Together, the epistatic QTL explained a higher proportion of the genotypic variance than the main effects which highlights the importance of gene networks even for quantitative traits such as oil content. Our results corroborate those from Zuk et al. (2012) who used a theoretical approach to show that the missing heritability in human association studies may be due in significant part to genetic interactions. In addition they show that traits with greater biological complexity may have a higher contribution of epistasis than less complex traits. The observed strong contribution of epistasis to the genotypic variance as compared to other association studies in crops (Buckler et al. 2009; Kump et al. 2011) may be attributed to the different experimental designs, different genetic architectures of the underlying traits, a genome-wide versus a candidate-gene based approach, but also to the fact that our study was based on elite germplasm in which many of the major additive QTL may be fixed due to the selection in breeding programs.

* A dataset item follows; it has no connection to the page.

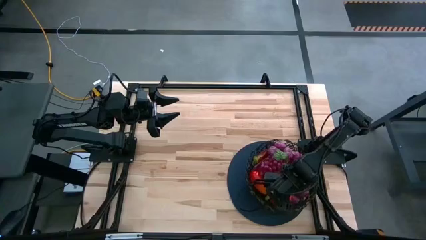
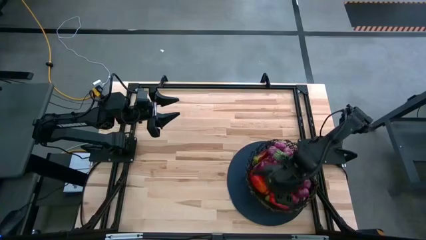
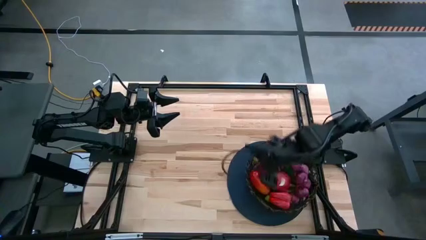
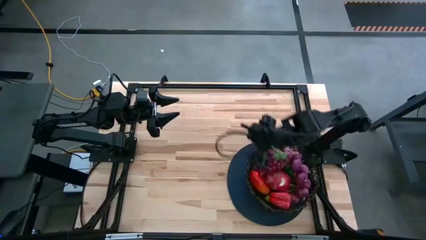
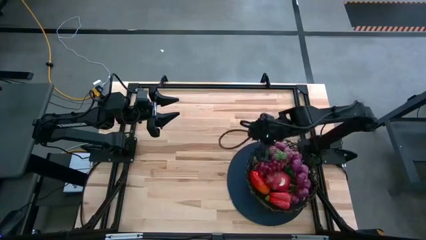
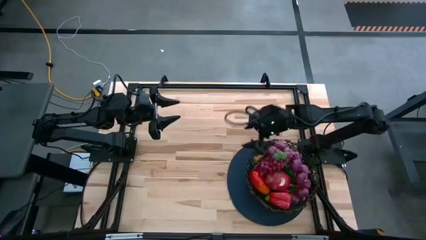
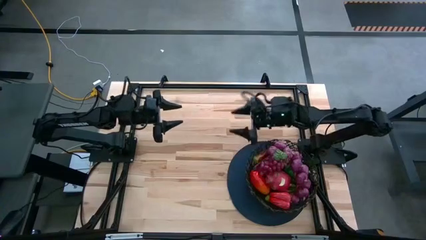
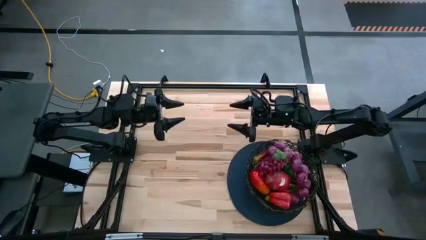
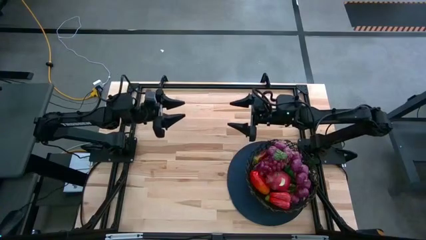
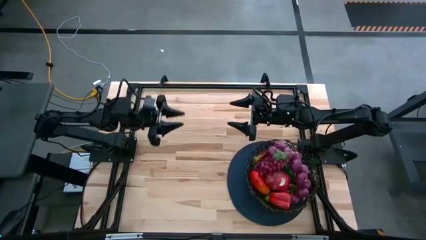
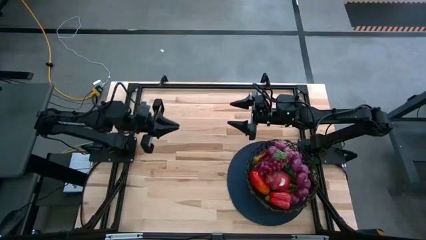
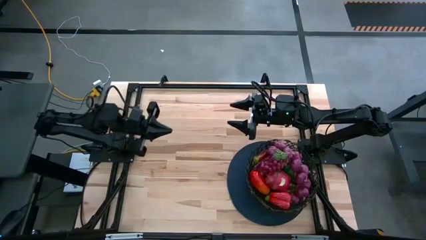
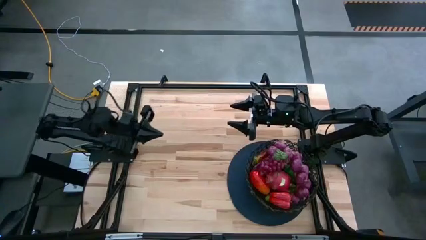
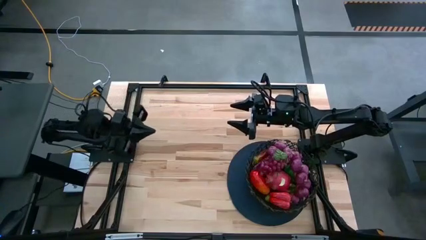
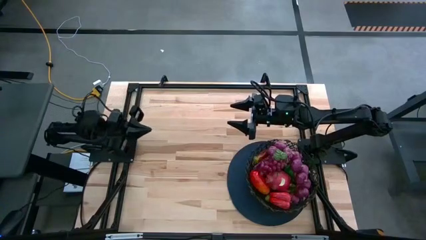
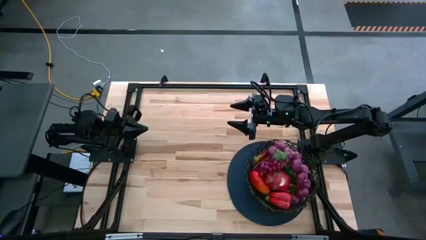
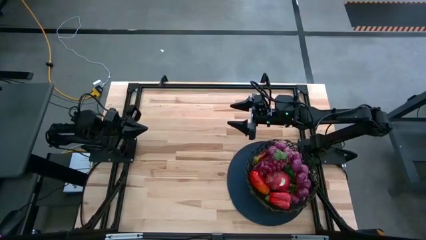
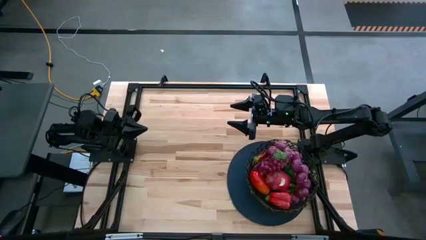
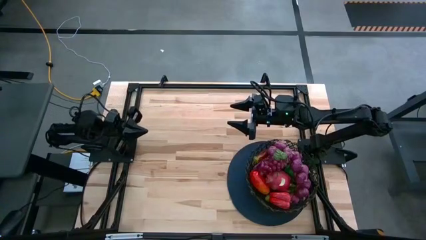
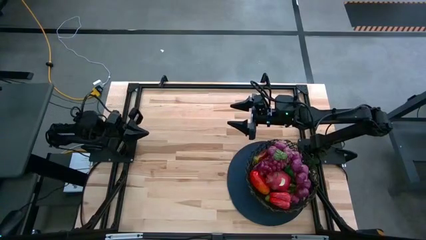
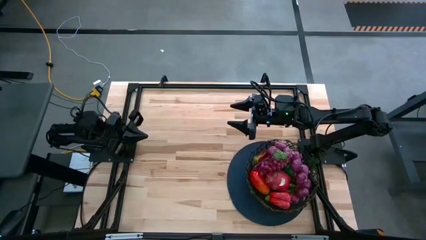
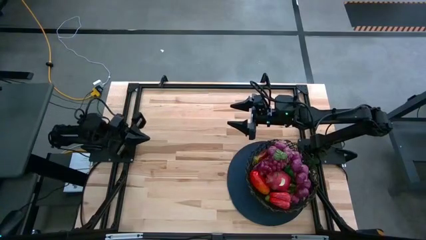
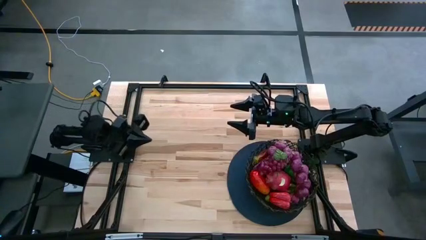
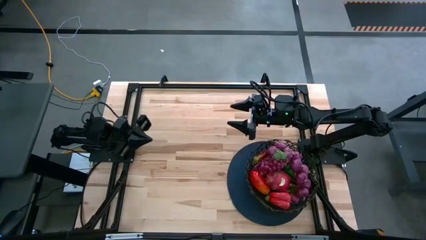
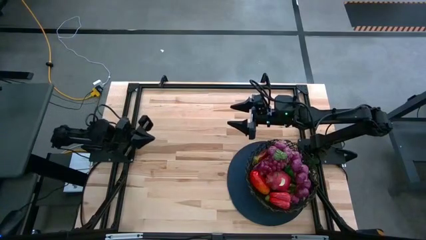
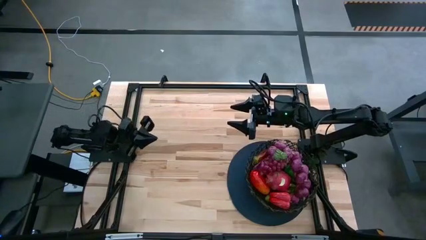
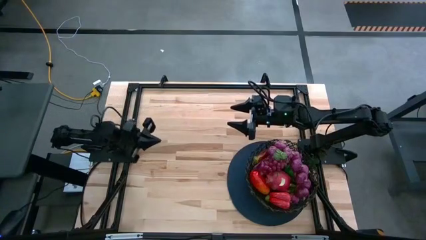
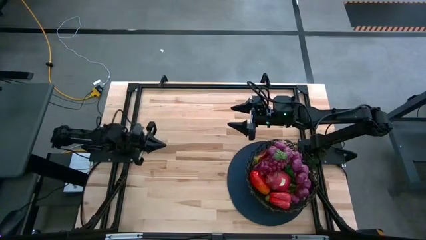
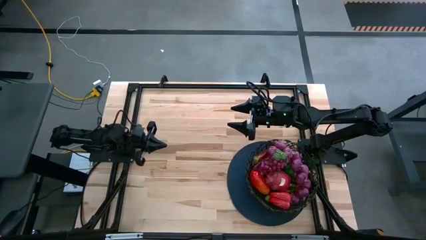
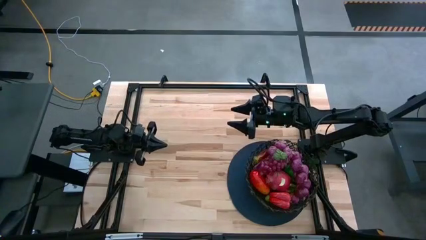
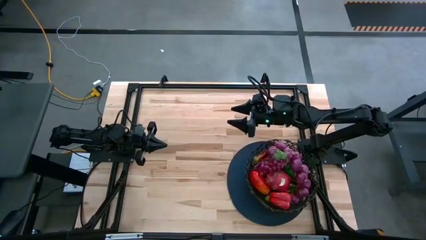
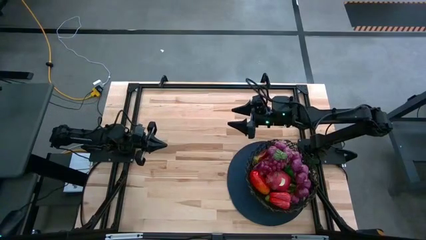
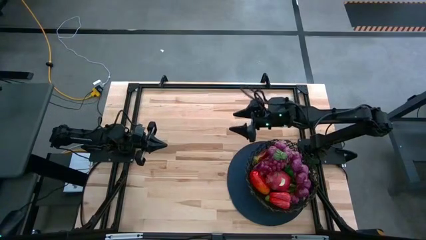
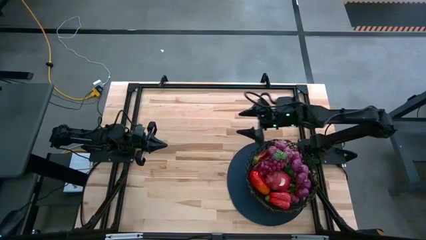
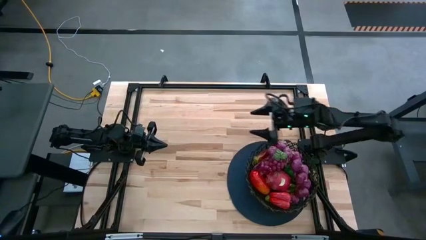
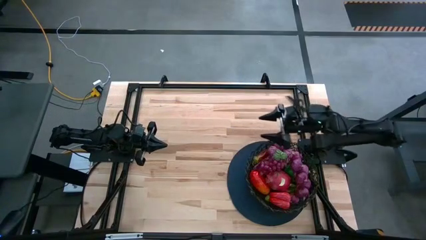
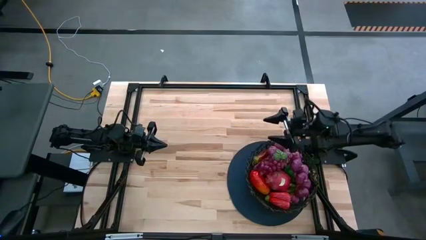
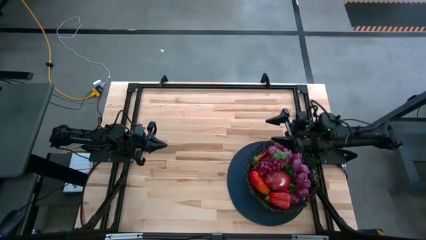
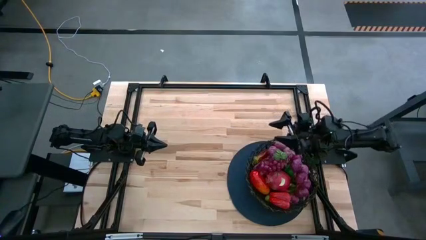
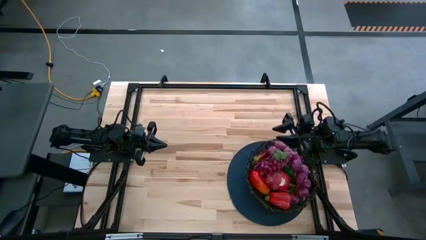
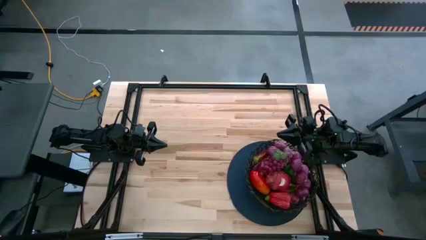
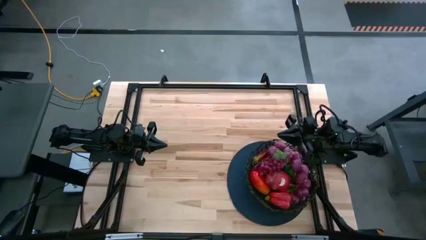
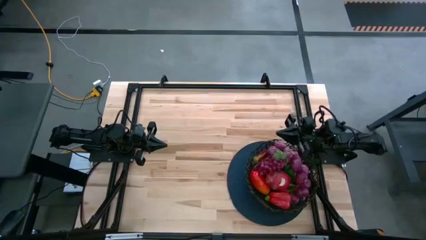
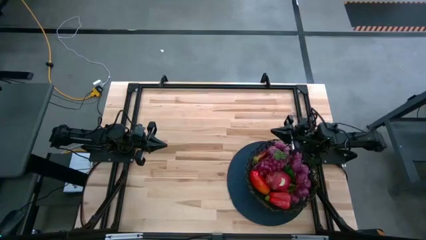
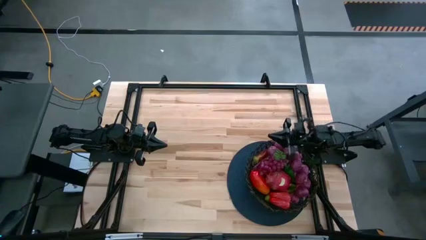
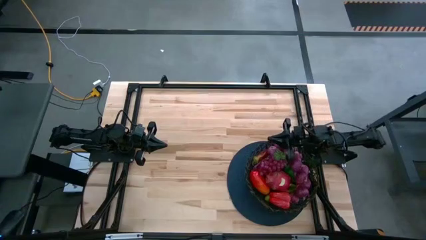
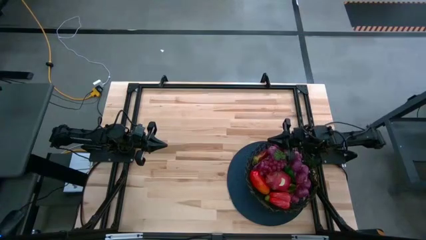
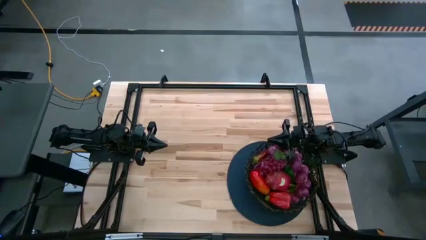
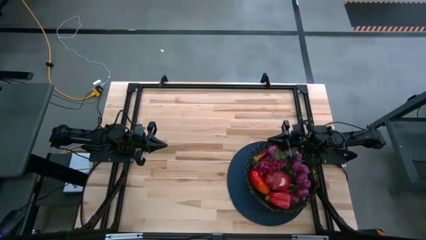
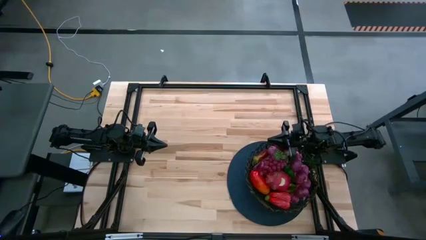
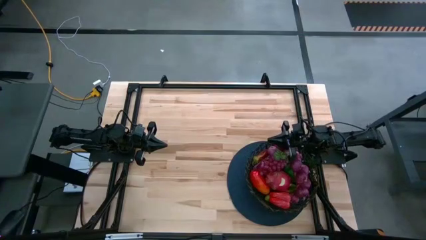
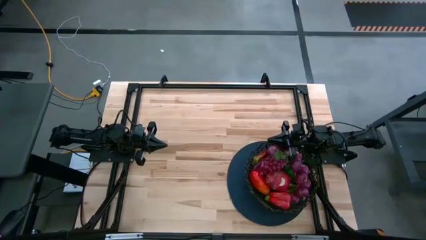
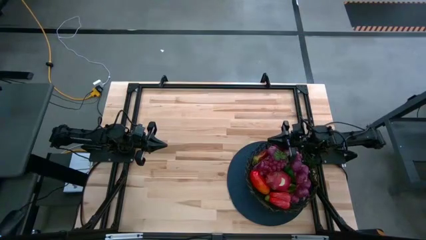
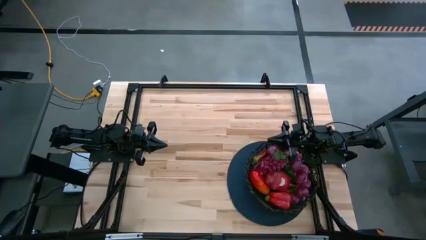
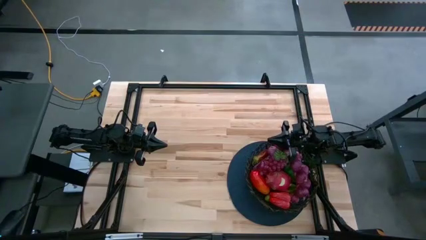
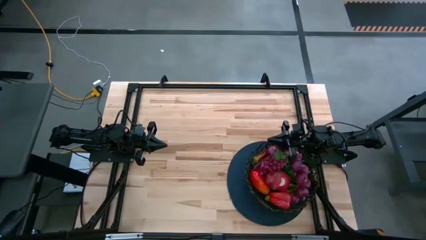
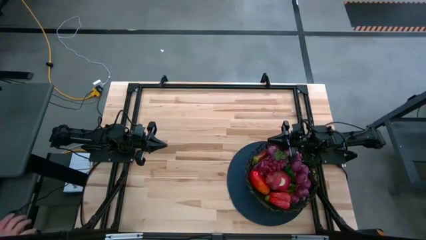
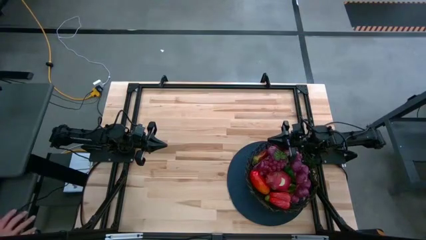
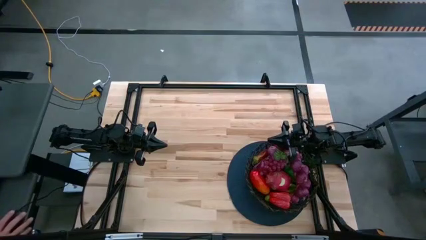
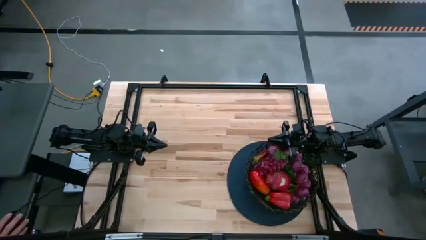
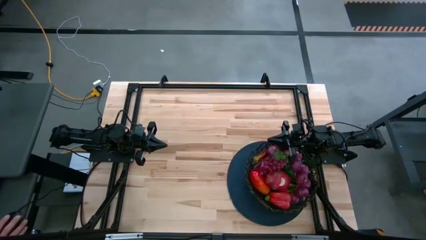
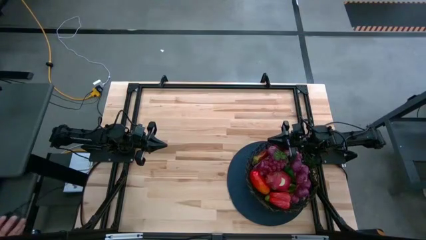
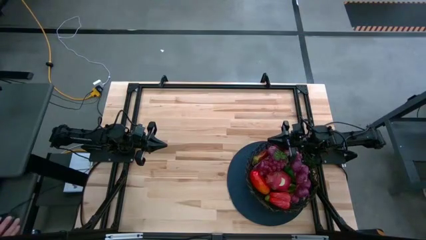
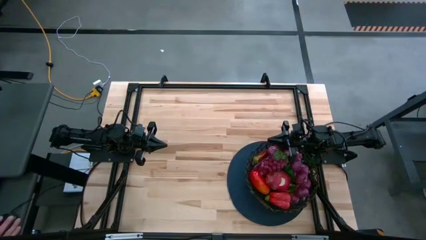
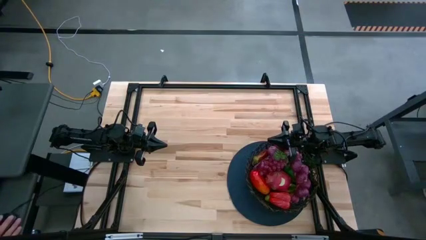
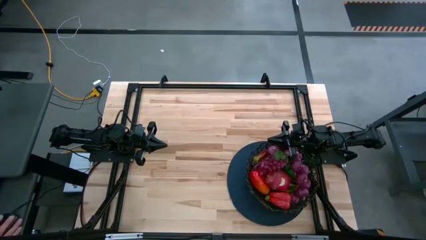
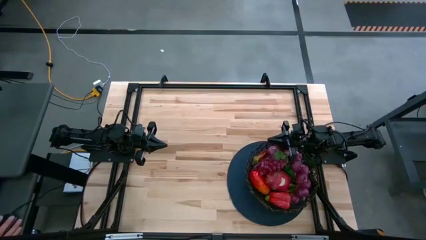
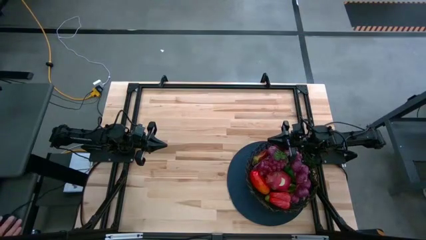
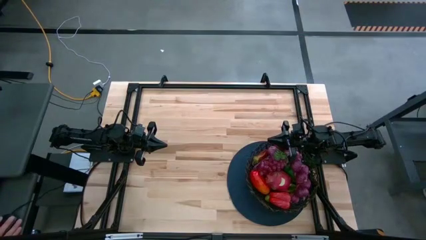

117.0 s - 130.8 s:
Task: Build produce basket
Return to Home Position

The detected epistatic QTL can mainly be classified as complementary gene interactions (Figs. 2a, S5) which can result if genes code for enzymes in the same pathway such that the final product depends on an optimal functioning of all involved gene products (Holland 2001). Interestingly, we observed that the alleles with the positive effect on oil content and the highest contribution to the most favorable epistatic interaction were often not the most frequent alleles, opening room for a knowledge-based improvement of this trait. Some of the genetic interactions identified here also reflect direct biochemical interactions (e.g., ACC subunits BCCP and BCT) or confirm the interaction of the transcription factor WRI1 with the promoter sequences of PK and BCCP (Baud et al. 2009). Our approach revealed that there is extensive crosstalk between the genes involved in TAG biosynthesis (Fig. 3). This is not limited to single cellular compartments or modules of genes with similar function but rather involves interactions between the regulatory machinery, the enzymes catalyzing steps in the cytosol/plastid, and those in the ER.

Fig. 3
figure 3

Visualization of the interaction networks. Intergenic epistatic interactions detected for oil content between the candidate genes from the different modules

Effect of intragenic epistasis on complex traits

Our epistasis scan also revealed the presence of intragenic epistasis affecting oil content. A recent theory raised by Haig (2011) suggests that the hidden heritability of complex traits may be hiding in epistasis between linked SNPs. If such intragenic epistasis, i.e., favorable haplotypes within a gene, affects the trait, then this will go undetected in GWAS as each locus is assessed separately. In contrast, in pedigree studies with their much higher extent of LD, the haplotypes can not be resolved and their effect will add to the additive genetic variance. Our results substantiate this theory and show that intragenic epistasis is present even for complex traits and, more importantly, contributes to a considerable amount to the genotypic variance.

Conclusions

In a wider context, our discoveries may be of broad relevance for association approaches of complex traits. Our results exemplify the impact of both, intergenic and intragenic epistasis that explained a considerable proportion of the genotypic variance. Future association studies should, therefore, have appropriate designs and include scans for epistasis as one of the potential sources for the phenomenon of hidden heritability.